What do you mean Lou?


----------



## ashaw (Mar 27, 2008)

> _Originally posted by rlharding_
> 
> 
> 
> ...



Plus you need to make sure the nib writes smoothly.  If not you may have to smooth the nib out yourself. Then you also need to be able to talk the FP talk.  Lou you what I mean.

Alan


----------



## DCBluesman (Mar 27, 2008)

> _Originally posted by rlharding_
> What do you mean Lou?



Most Berea couplers are four-start and most CS USA couplers are three start.  Orientation of the nib and clip such that the clip is in a comfortable position for writing is critical to the comfort of using the pen.  In the example below you will see that the clip is on the same plane as the face of the nib.  This insures that the clip will not ride against the thumb or index finger of either a left-handed or write-handed writer.

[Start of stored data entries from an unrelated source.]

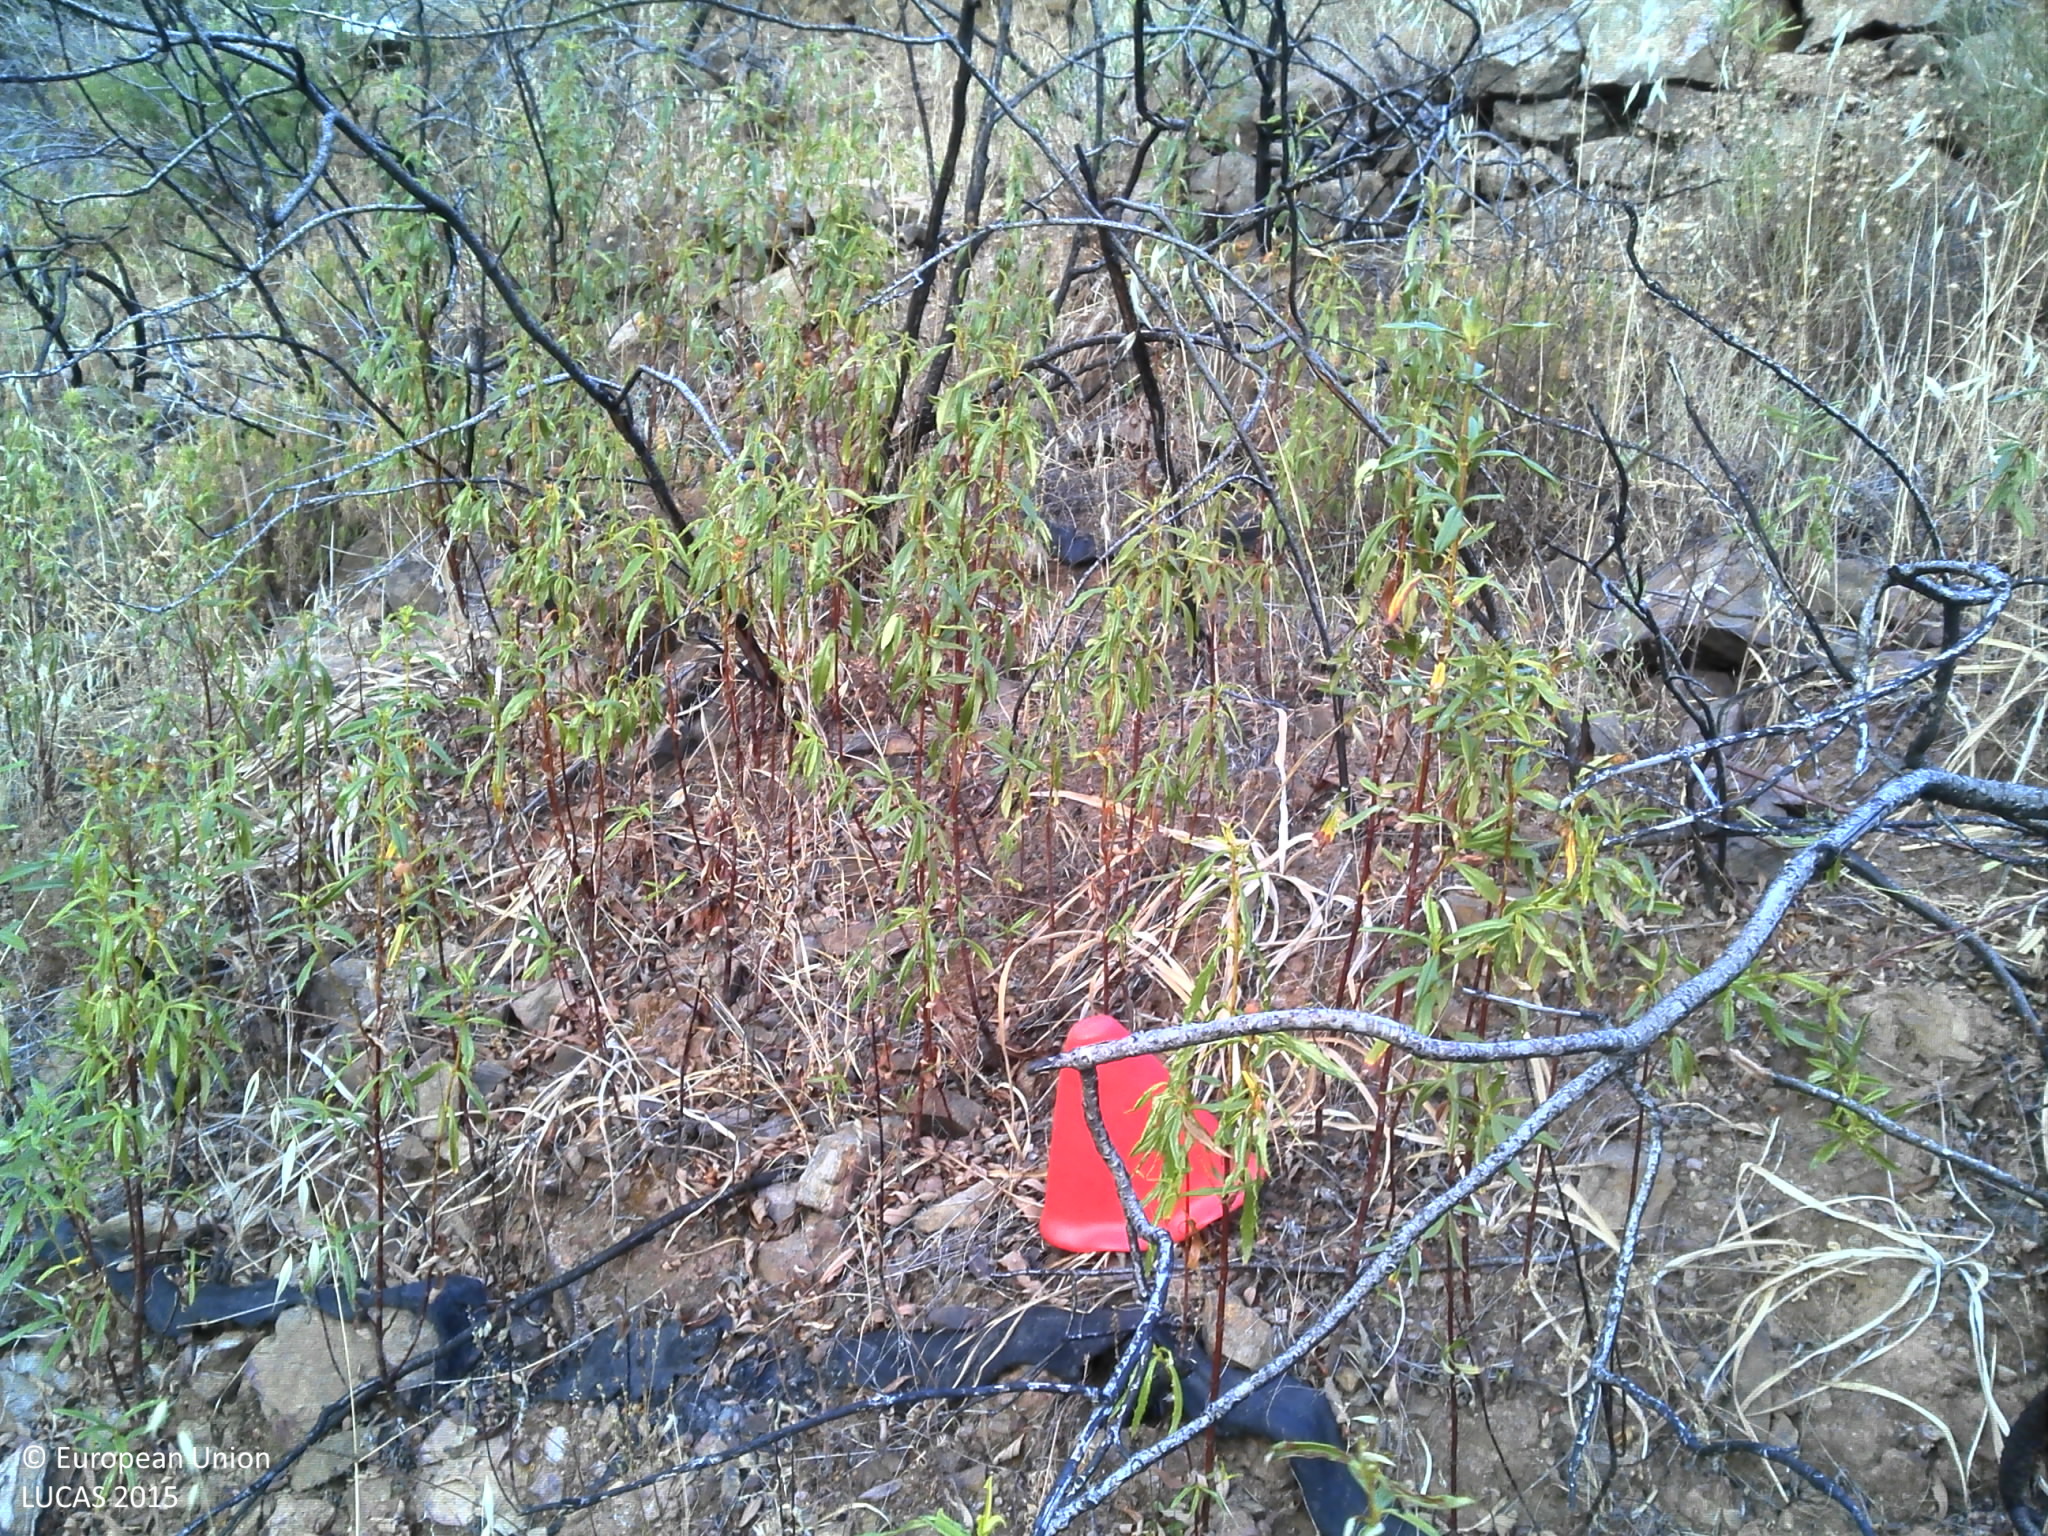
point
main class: Shrubland
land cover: Shrubland without tree cover
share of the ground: 50 - 75 %
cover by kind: shrubs 75 %, unconsolidated bare surface 15 %, herbaceous plants 10 %
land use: Abandoned areas
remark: Burnt area
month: June
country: PT
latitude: 37.1868
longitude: -7.6809
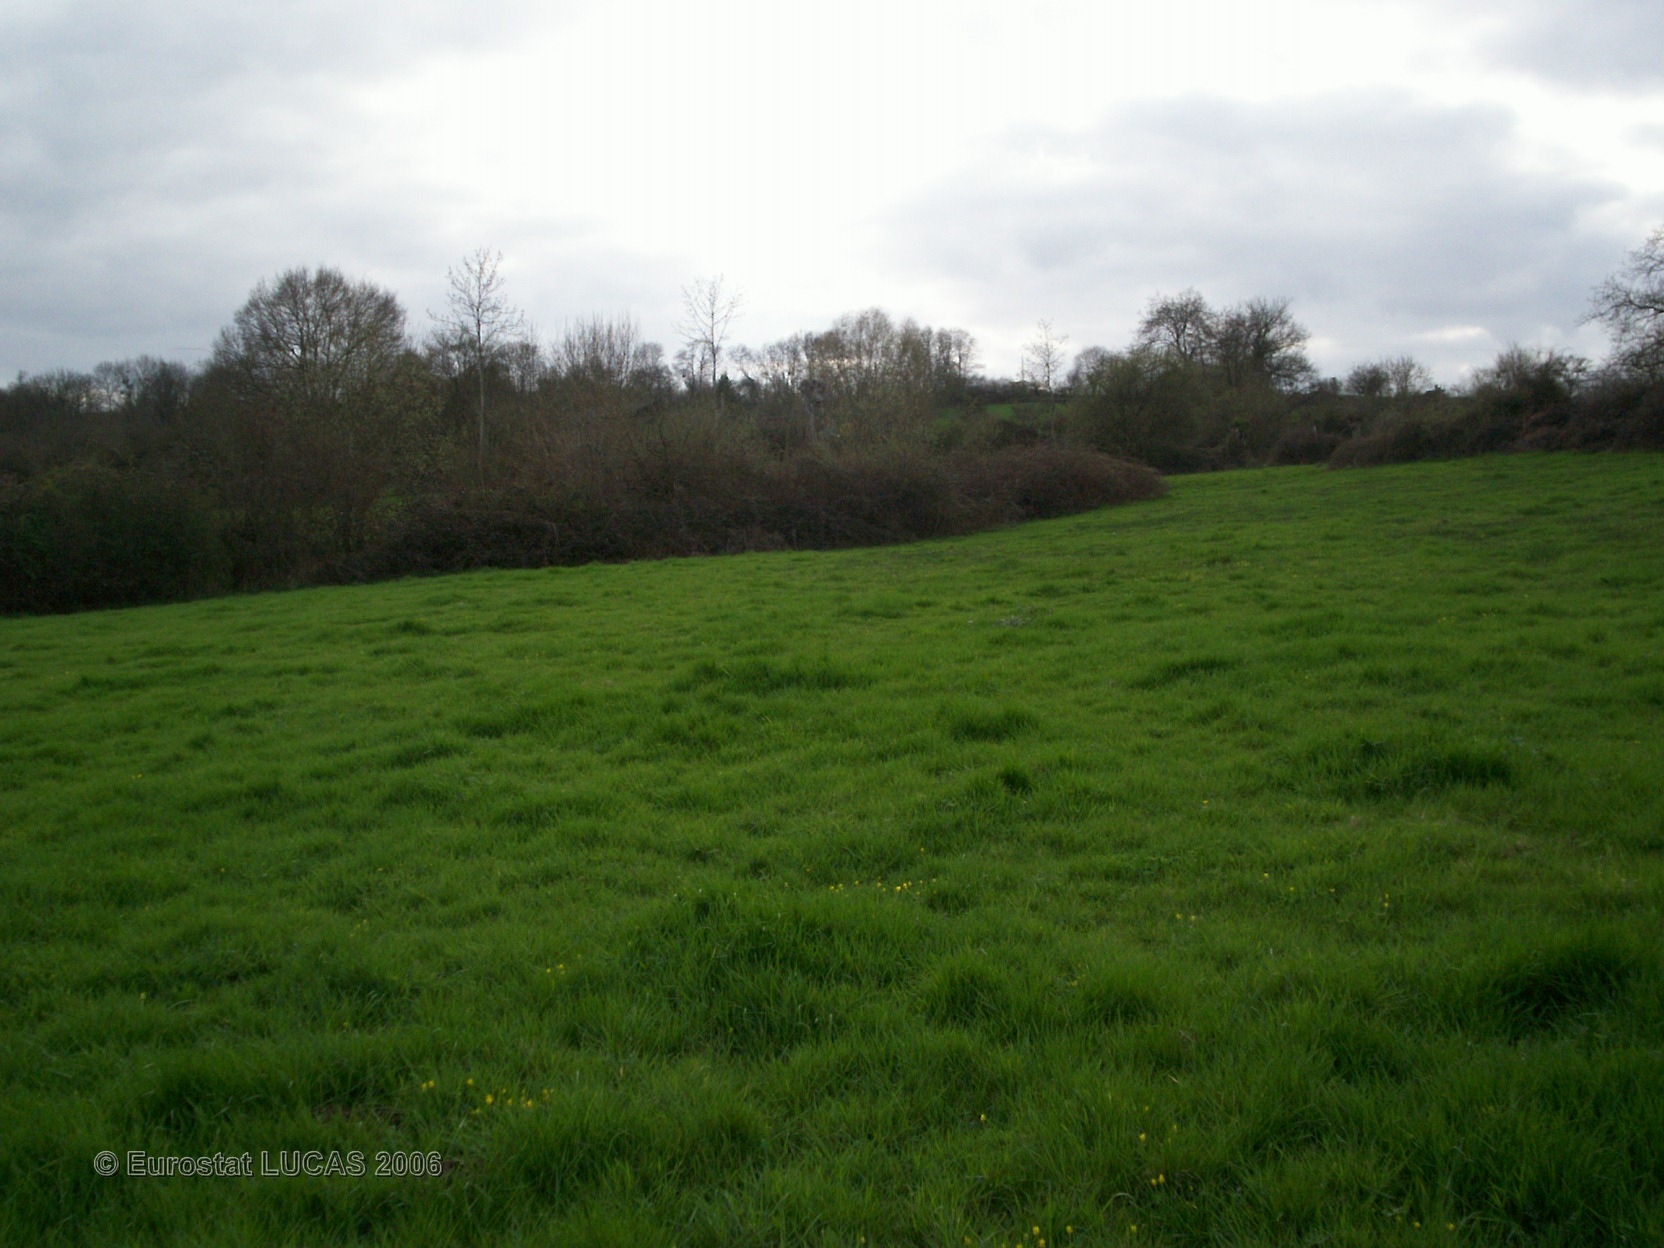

On a Baron, for example, if you do not test fit the couplers, you may be off as much as 45-degrees from the desired writing position.  On a Jr. Statesman, you may be off as much as 60-degrees.  That much difference causes an imbalance which detracts from the writing pleasure.


----------



## jeffj13 (Mar 27, 2008)

[quote
On a Baron, for example, if you do not test fit the couplers, you may be off as much as 45-degrees from the desired writing position.  On a Jr. Statesman, you may be off as much as 60-degrees.  That much difference causes an imbalance which detracts from the writing pleasure.

[/quote]

Or you could make pens that don't post or friction post instead of a threaded post(which, imho,is unattractive anyway) such as the Gentlemen's, Churchill or El Grande.

Note:  Not dissing Lou here, he is absolutely correct.  Just pointing out that there is another option.

jeff


----------



## Rifleman1776 (Mar 27, 2008)

What Lou says is only for posting pens. Larger pens, like Gents, often are not posted.
As for the original question: Have the instructions provided by the supplier in front of you and the parts laid out. Read carefully, pick up each part and put next to the barrel where it should be inserted. If something confuses you (don't worry, you aren't alone on this) start over. Do take your time. After the first one, you will be an expert.


----------



## rlharding (Mar 27, 2008)

Thanks Lou. I do that anyway so thought you were talking about something else I didn't know about.


----------